■ TASK DESCRIPTION ■
Line by line, the data below should be set down unchanged, with images excluded.

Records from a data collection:
********
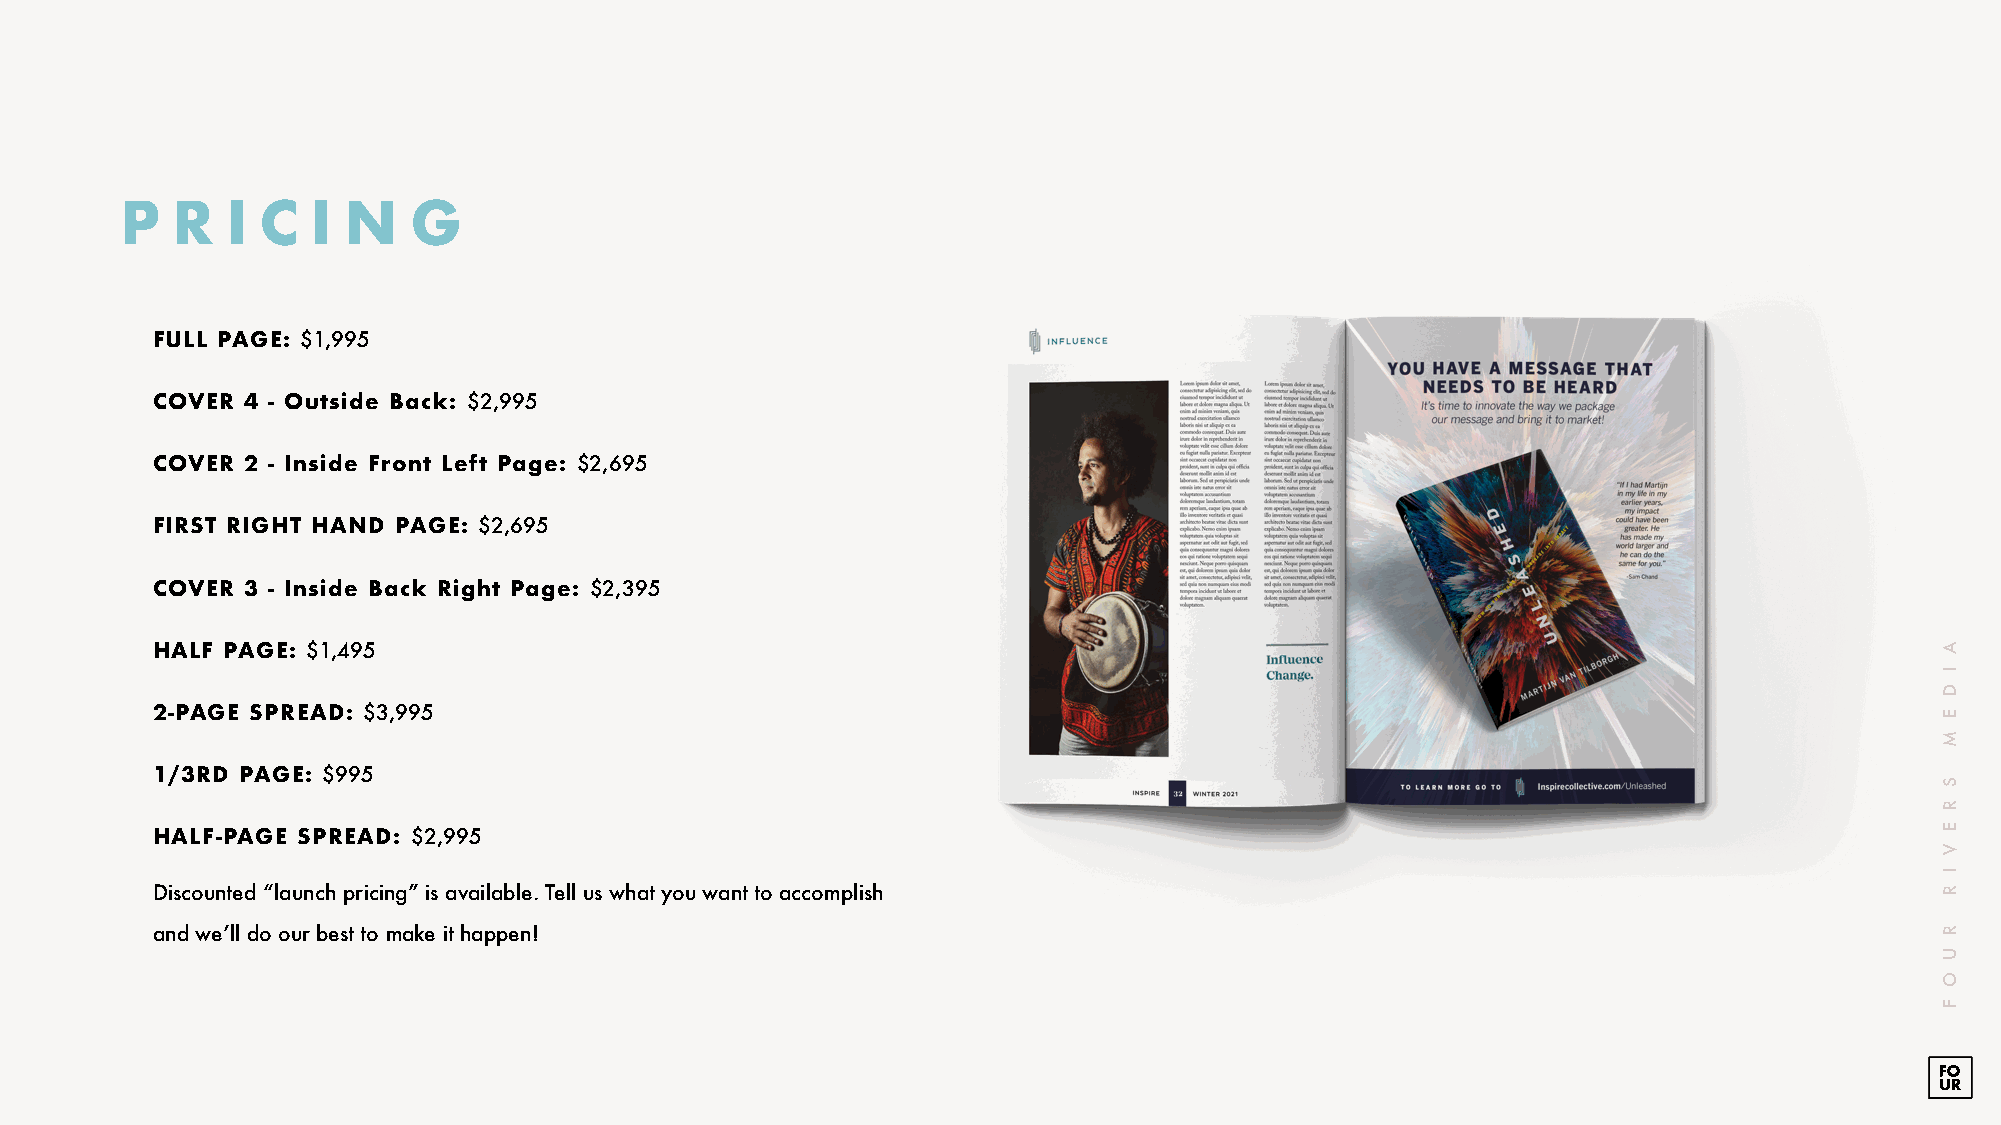
P  R   I C   I N   G
 FULL PAGE: $1,995
 COVER 4 - Outside Back: $2,995
 COVER 2 - Inside Front Left Page: $2,695
 FIRST RIGHT HAND PAGE: $2,695
 COVER 3 - Inside Back Right Page: $2,395
 HALF PAGE: $1,495
 2-PAGE SPREAD: $3,995
 1/3RD PAGE: $995
 HALF-PAGE SPREAD: $2,995
 Discounted “launch pricing” is available. Tell us what you want to accomplish
 and we’ll do our best to make it happen!
 A
 I
 D
 E
 M
 S
 R
 E
 V
 I
 R
 R
 U
 O
 F
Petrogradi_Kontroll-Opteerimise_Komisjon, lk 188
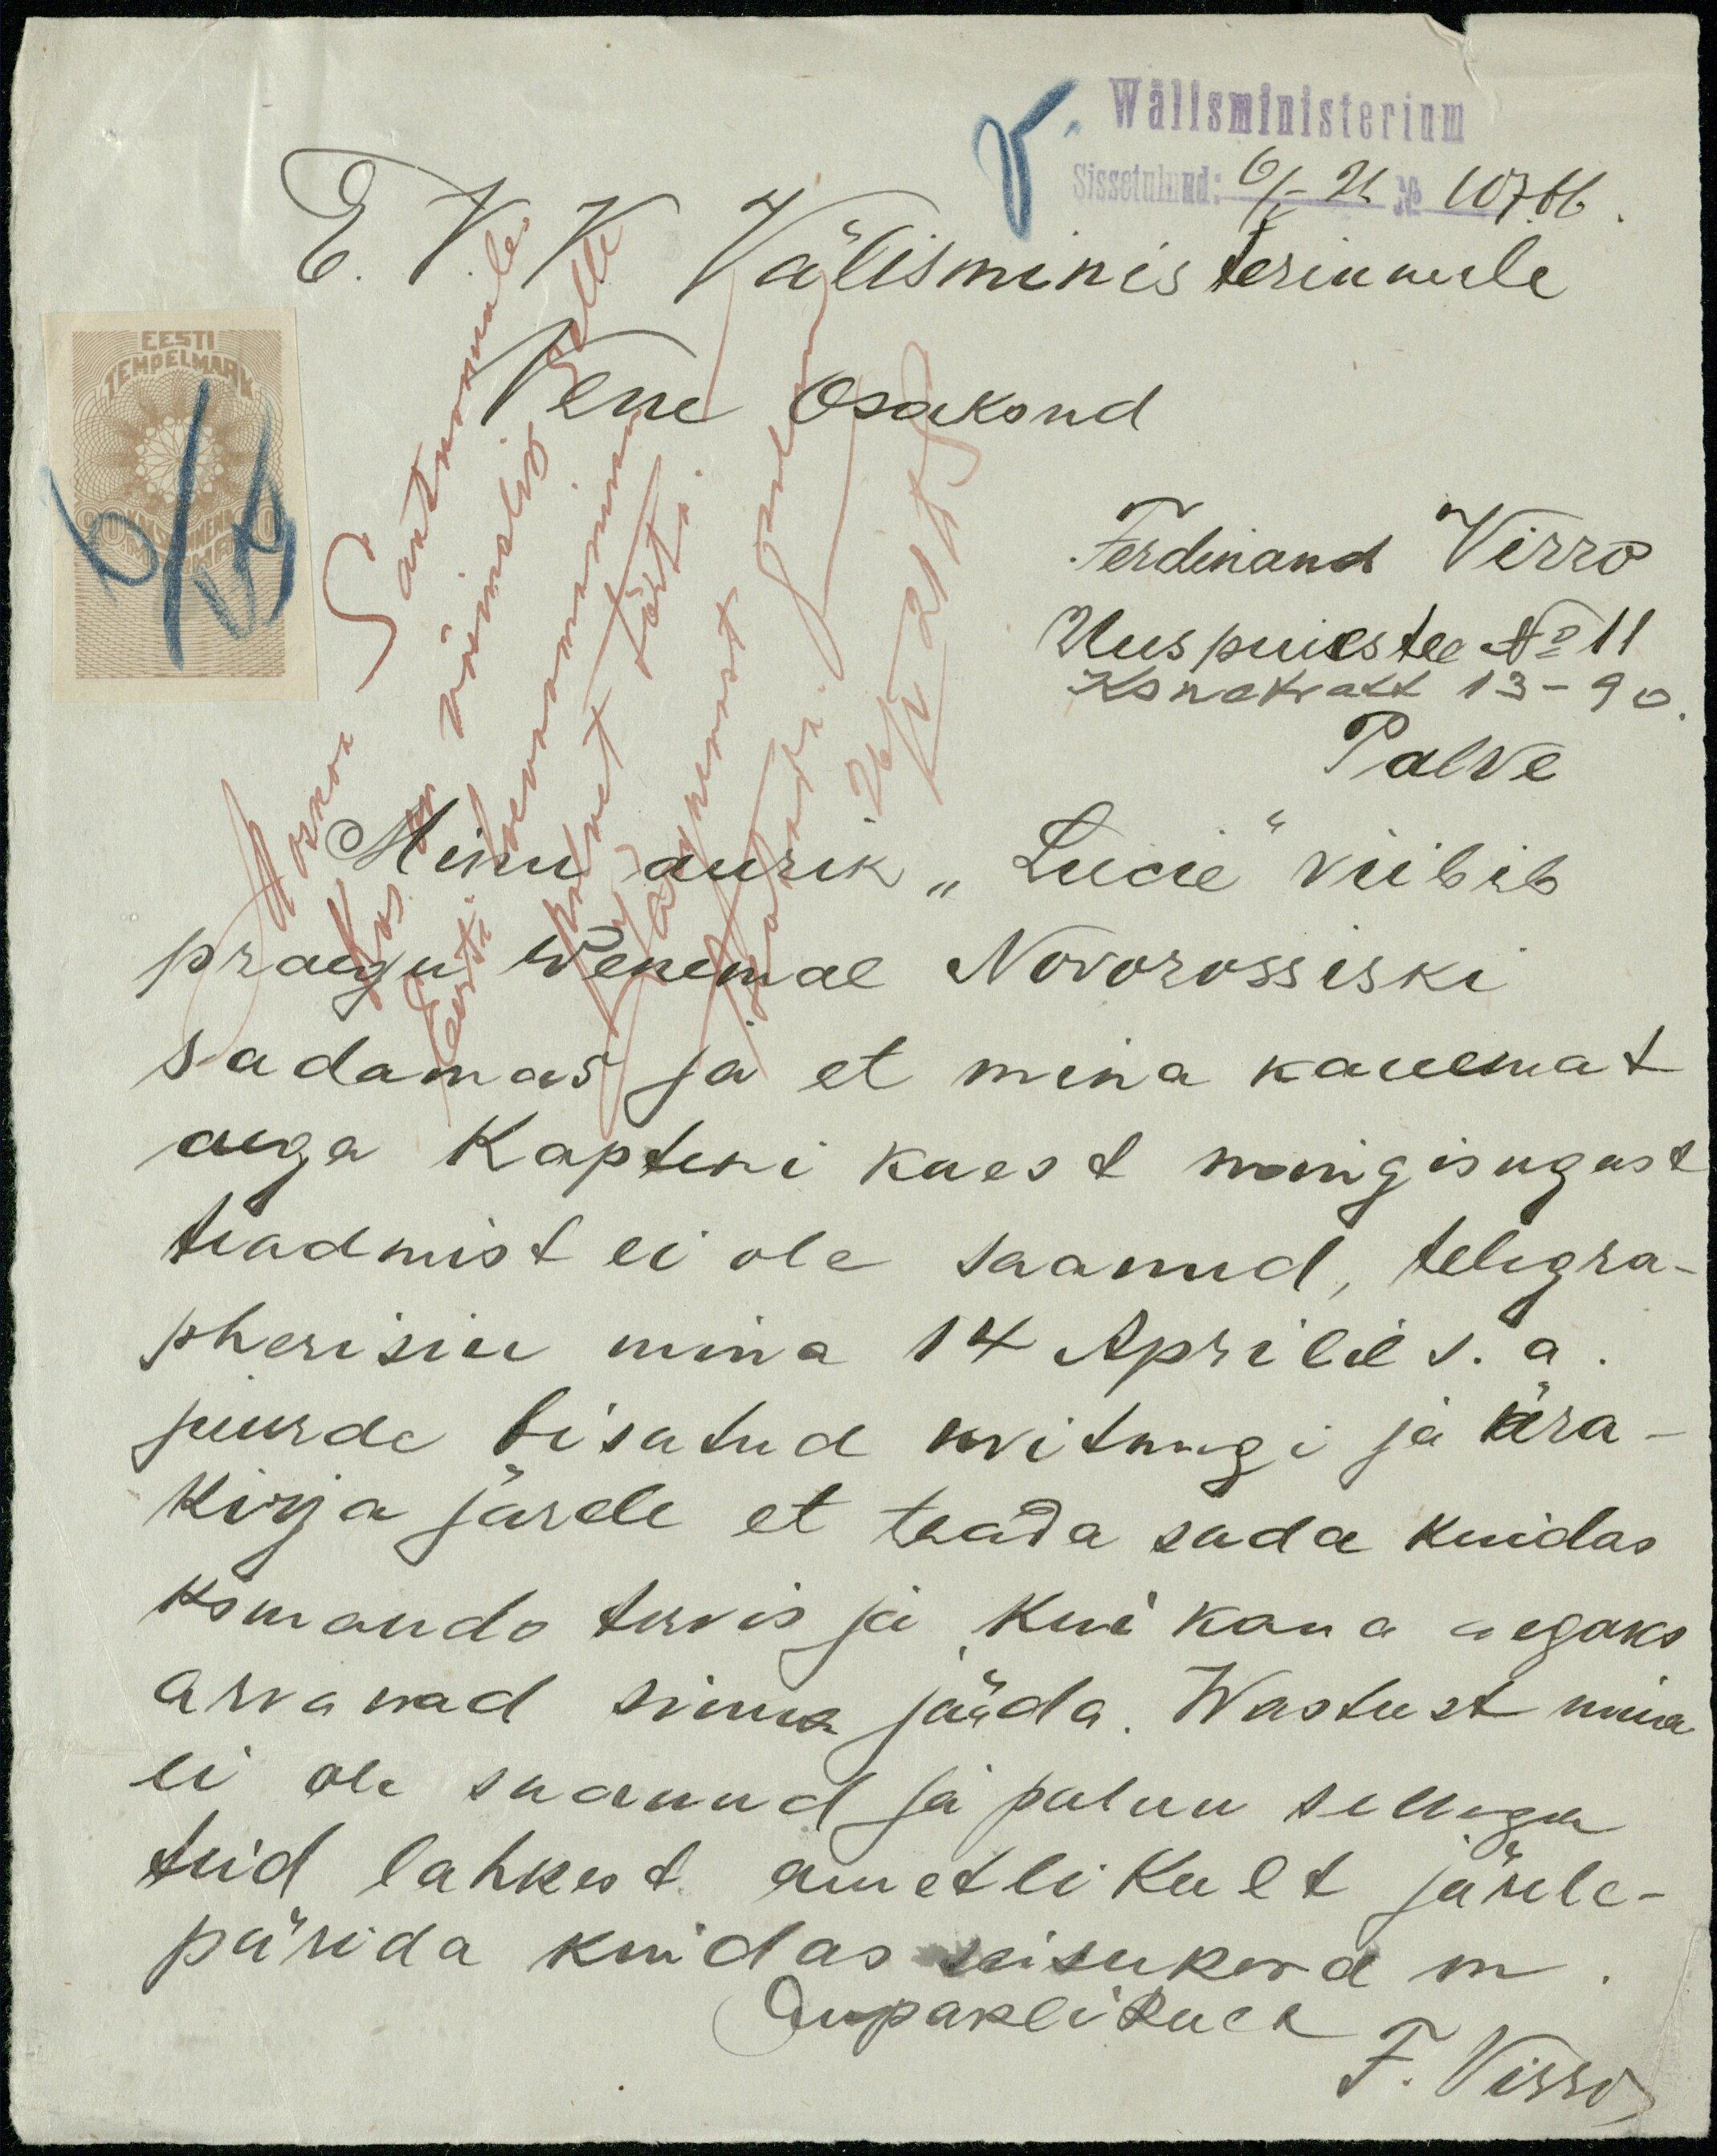
Wälisministerium
Sissetulnud: 6/V 21. No 10766.
E. V. V. Välisministeriumile
Vene Osakond
EESTI
TEMPELMARK
Ferdinand Virro
Uus puiestee No 11
Konetratt 13-90
Moskva Saatkonnale.
Kas on võimalik selle
Eesti laevaomaniku
palvet täita. -
Järgnevast palun
teatada.
26/V 21 TS
Palve
Minu aurik "Lucie" viibib
praegu Wenemal Novorossiski
sadamas ja et mina kauemat
aega Kapteni kaest mingisugust
teadmist ei ole saanud, telegra-
pherisin mina 14 Aprilil s.a.
juurde lisatud kvitungi ja ära-
kirja järele et teada sada kuidas
komando tervis ja kui kaua aegaks
arvavad sinna jääda. Wastust mina
ei oli saanud ja palun sellega
teid lahkest ametlikult järele-
pärida kuidas seisukord on.
Aupaklikult
F. Virro
********
■ EXPECTED OUTPUT ■
P  R   I C   I N   G
 FULL PAGE: $1,995
 COVER 4 - Outside Back: $2,995
 COVER 2 - Inside Front Left Page: $2,695
 FIRST RIGHT HAND PAGE: $2,695
 COVER 3 - Inside Back Right Page: $2,395
 HALF PAGE: $1,495
 2-PAGE SPREAD: $3,995
 1/3RD PAGE: $995
 HALF-PAGE SPREAD: $2,995
 Discounted “launch pricing” is available. Tell us what you want to accomplish
 and we’ll do our best to make it happen!
 A
 I
 D
 E
 M
 S
 R
 E
 V
 I
 R
 R
 U
 O
 F
Petrogradi_Kontroll-Opteerimise_Komisjon, lk 188
Wälisministerium
Sissetulnud: 6/V 21. No 10766.
E. V. V. Välisministeriumile
Vene Osakond
EESTI
TEMPELMARK
Ferdinand Virro
Uus puiestee No 11
Konetratt 13-90
Moskva Saatkonnale.
Kas on võimalik selle
Eesti laevaomaniku
palvet täita. -
Järgnevast palun
teatada.
26/V 21 TS
Palve
Minu aurik "Lucie" viibib
praegu Wenemal Novorossiski
sadamas ja et mina kauemat
aega Kapteni kaest mingisugust
teadmist ei ole saanud, telegra-
pherisin mina 14 Aprilil s.a.
juurde lisatud kvitungi ja ära-
kirja järele et teada sada kuidas
komando tervis ja kui kaua aegaks
arvavad sinna jääda. Wastust mina
ei oli saanud ja palun sellega
teid lahkest ametlikult järele-
pärida kuidas seisukord on.
Aupaklikult
F. Virro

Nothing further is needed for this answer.